Despite the tension, Villanueva remembers having a pleasant and respectful relationship with the officers. He says he loved the Army, which, among other things, improved his family’s financial situation. He received bonuses of $27 a month, and his mother received an additional $27.
Villanueva was next sent for two weeks of training to the States, where he was assigned to Company C of the 2nd Battalion, 65th Infantry Regiment. He was then sent to North Africa, where he continued his training. There, he suffered typhus fever and was sent to Italy for an operation. Upon his return to Africa, he was assigned to the Canon Company, with whom he trained for the Continental Invasion.
After six months in North Africa, Villanueva was sent to France, where the regiment was divided and his company was sent to the Alps between France and Italy. Recalling the physical effects of duty, he said that one time he spent “90 days up there without taking my shoes off. When we were coming down ... I was coming out of the building but I fell down.”
His friends had to help him up; then cut off his shoes, as his feet were severely swollen. The constant exposure to moisture had given him “trench foot,” a disease that affects the skin, muscles and eventually the nerves of the feet. His fellow soldiers cured him with cold water and lotion, he says.
According to his military records, Villanueva was in the European Theater from October of 1944 to October of 1945; first in the Alps and then in Mannheim, Germany. He didn’t recall having any enemy confrontations. In fact, he says he walked freely around the city, and even met some civilians and attended mass.
He also saw some camps where German soldiers were detained. But what most remains in his mind are the nine pieces of clothing he had to wear because he was unaccustomed to the cold weather.
Villanueva says he was very happy when he found out from officers about the war’s end. After 25 months of service, the military discharged him on Nov. 24, 1945, with a final rank of Private First Class. He says his entire regiment came back, and that he earned several medals, including the Purple Heart, a World War II Victory Medal, three Overseas Service Bars and the European African Middle Eastern Theater Service Medal with three Bronze Stars.
“I remember when I arrived in San Juan. When I put a foot on my land, the first thing I did was to kiss it,” Villanueva said. “From there, we were taken to the train stations, where we took a train to Arecibo at 3 in the afternoon.”
Puerto Rico was still the same when he returned, says Villanueva, who apparently didn’t waste any time getting back into the local dating scene.

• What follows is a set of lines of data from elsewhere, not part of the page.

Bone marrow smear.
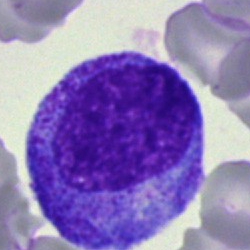Specimen: bone marrow smear.
Morphological class: promyelocyte.
Lineage: myeloid.
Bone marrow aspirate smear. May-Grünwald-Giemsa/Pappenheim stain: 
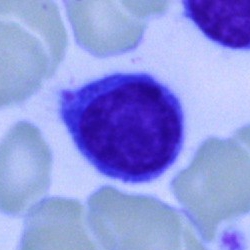 Morphology consistent with a lymphocyte.
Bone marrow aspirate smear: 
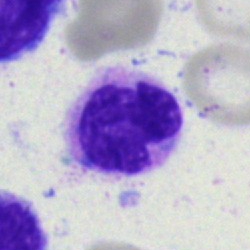 Specimen: bone marrow smear.
Classification: segmented neutrophil.
Lineage: myeloid.

After two months of courting, he married Josefina González Guzmán on August 31, 1946.
He was unemployed at first.
“We received $60 every month until I was finished with that,” he said.
Villanueva then took advantage of the GI Bill to study from eighth grade up to the fourth year of superior school, Puerto Rico’s equivalent to high school. While he was studying, the Korean conflict began, but he says he didn’t want to return to active duty.
“Many went again and many didn’t come back,” he said.
Once he finished his studies, Villanueva started working as a penal guard at the state prison in Río Piedras, Puerto Rico. He did this for 12 years, but says he decided to quit after suffering two accidents: a fall on some stairs and a gunshot wound when a fellow guard accidentally shot him in the left leg. He then switched to a job at the Nutritional Assistance Program’s office.
Villanueva says he dedicates his life to his wife, God, his children – Gonzalo Villanueva, Jr., Luz I. Villanueva and José L. Villanueva – and nephew, Gilbert S. González, who he and Josefina raised.
Mr. Villanueva was interviewed on March 28, 2003, at the Veterans Service Center in Arecibo, Puerto Rico, by Doralís Perez Soto.